» **What you need to do**
What is needed is a faithful transcription of all the data below, pictures excluded.
▽
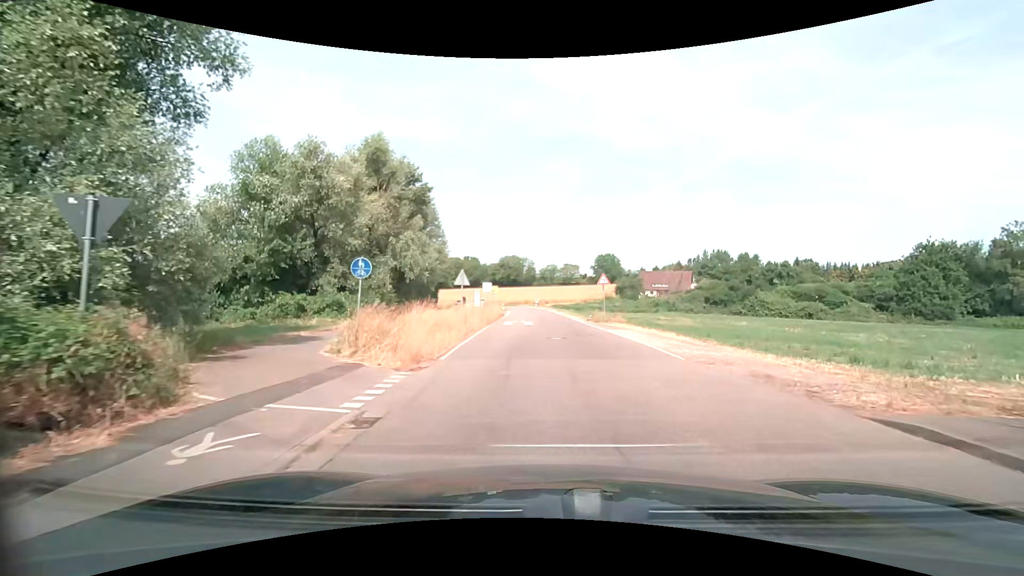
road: tertiary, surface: asphalt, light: Day
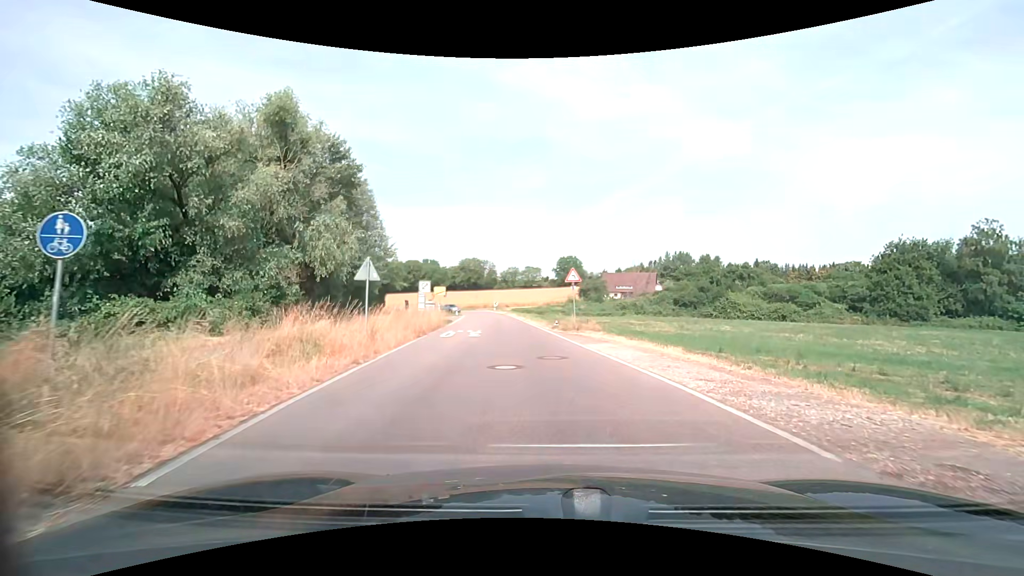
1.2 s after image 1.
(+0.4, +7.9) m; +5°
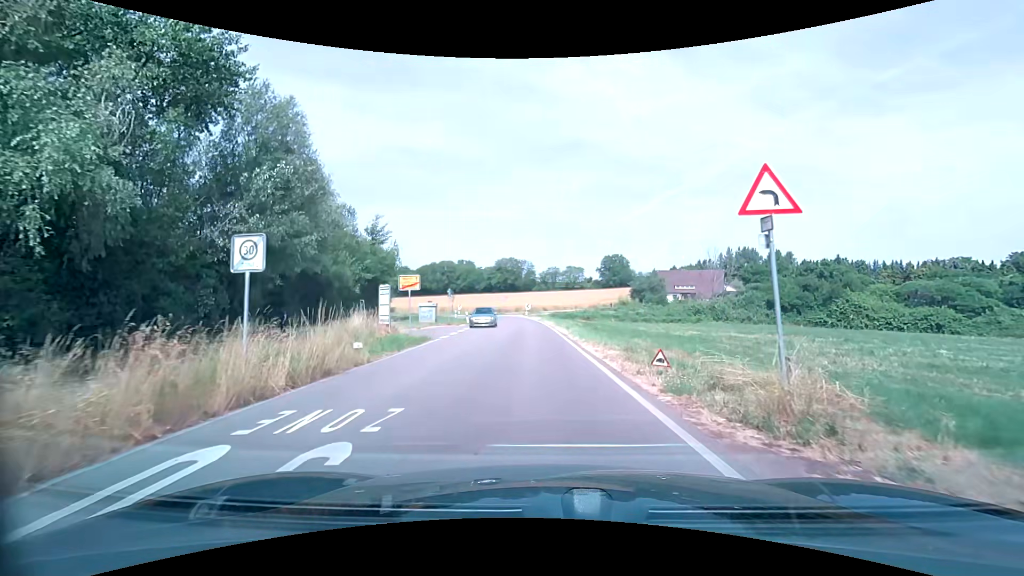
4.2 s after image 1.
(-0.5, +19.8) m; -4°
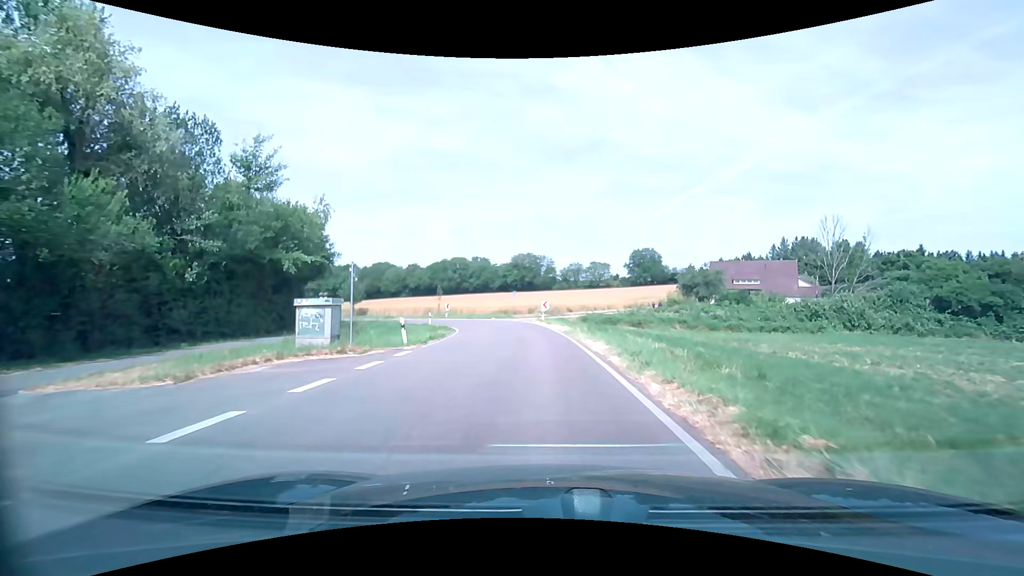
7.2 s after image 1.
(-0.6, +24.4) m; -2°
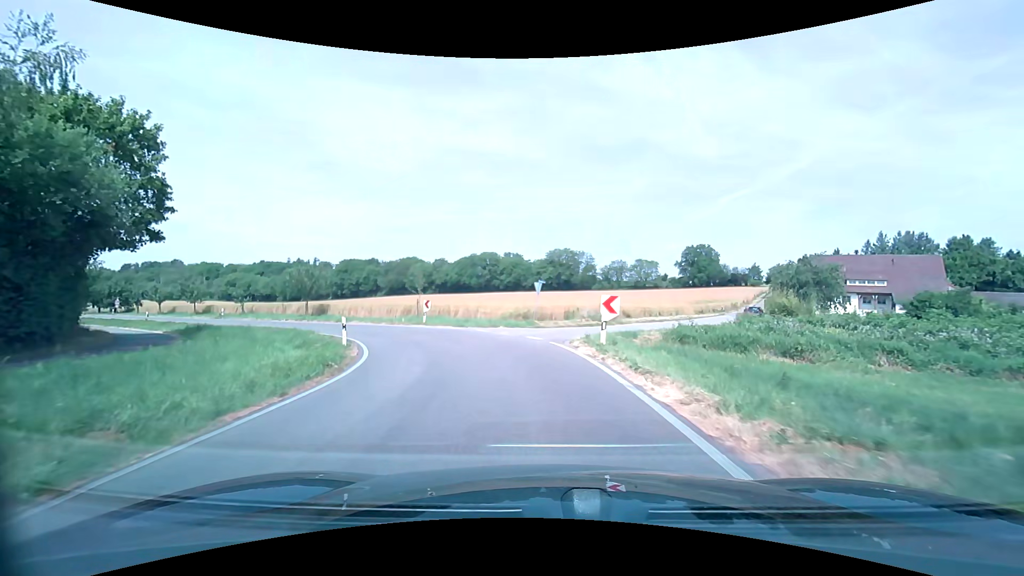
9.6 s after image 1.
(-0.6, +22.7) m; -4°
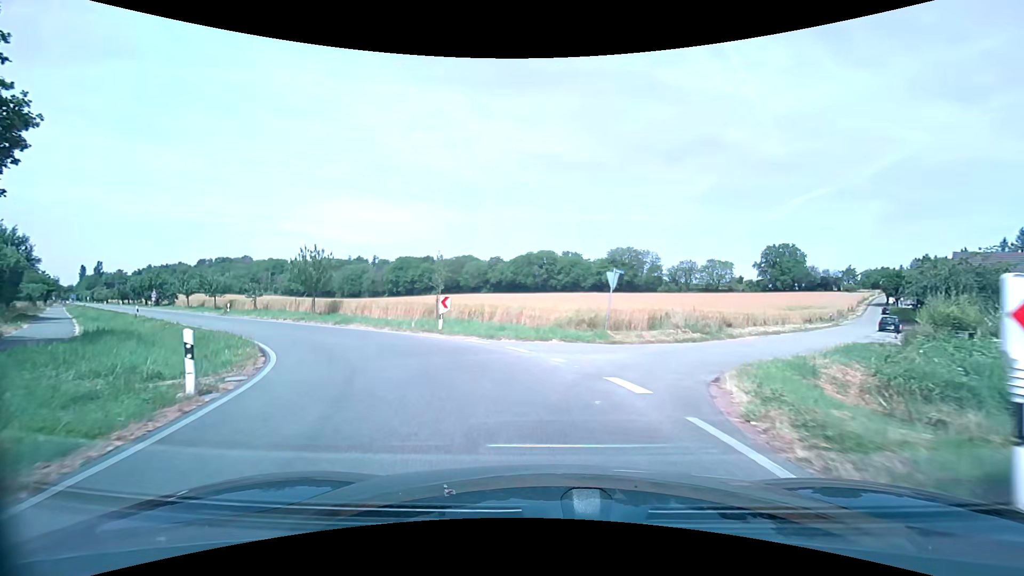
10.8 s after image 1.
(-0.5, +10.7) m; -6°
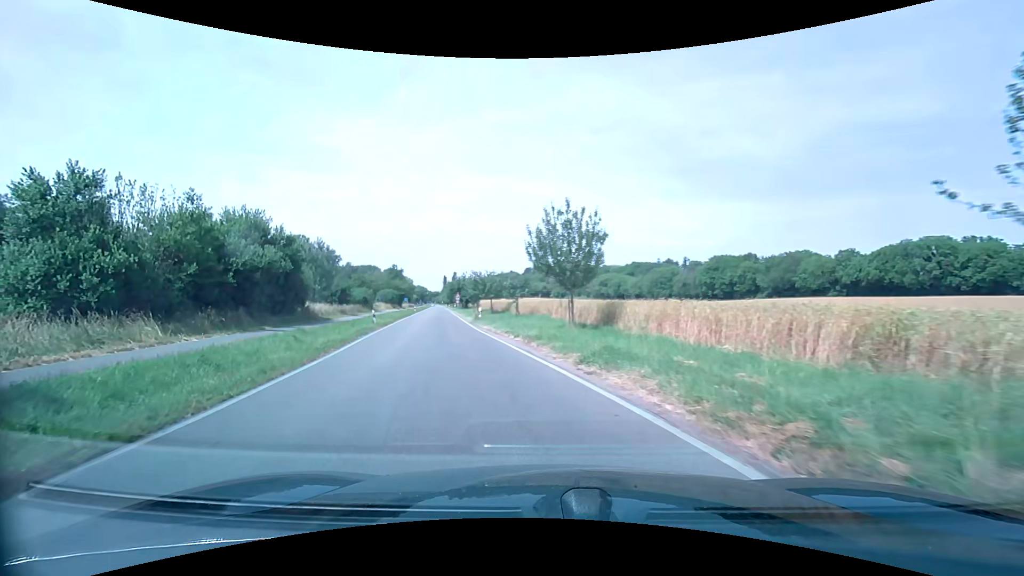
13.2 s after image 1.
(-5.2, +18.5) m; -34°
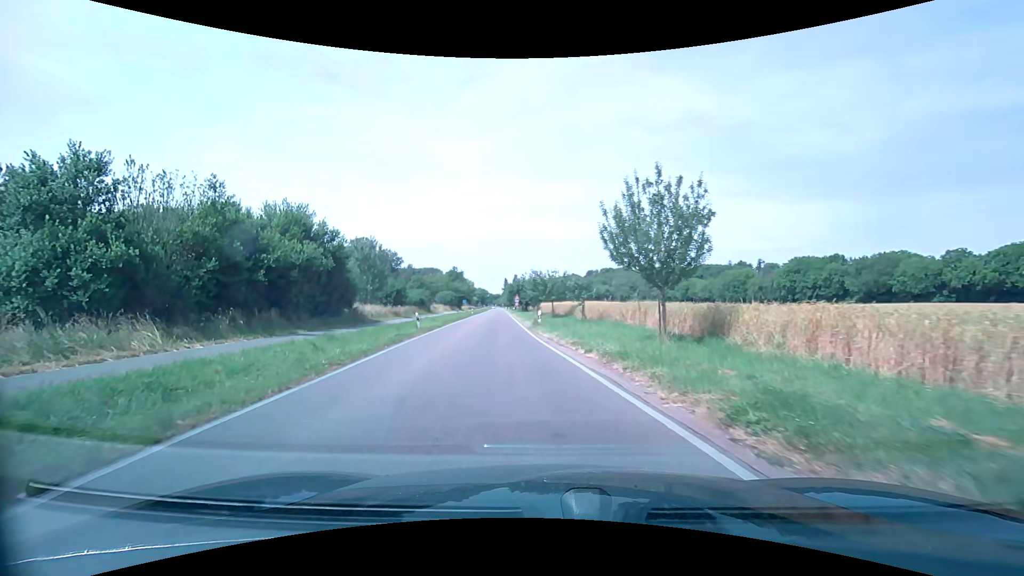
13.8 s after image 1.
(-0.4, +4.9) m; -8°
(0, +10) (-1, +20) (-3, +30) (-4, +40) (-5, +50) (-6, +60) (-7, +70) (-7, +80) (-8, +90) (-9, +100) m
△
» **Your solution**
road: tertiary, surface: asphalt, light: Day
1.2 s after image 1.
(+0.4, +7.9) m; +5°
4.2 s after image 1.
(-0.5, +19.8) m; -4°
7.2 s after image 1.
(-0.6, +24.4) m; -2°
9.6 s after image 1.
(-0.6, +22.7) m; -4°
10.8 s after image 1.
(-0.5, +10.7) m; -6°
13.2 s after image 1.
(-5.2, +18.5) m; -34°
13.8 s after image 1.
(-0.4, +4.9) m; -8°
(0, +10) (-1, +20) (-3, +30) (-4, +40) (-5, +50) (-6, +60) (-7, +70) (-7, +80) (-8, +90) (-9, +100) m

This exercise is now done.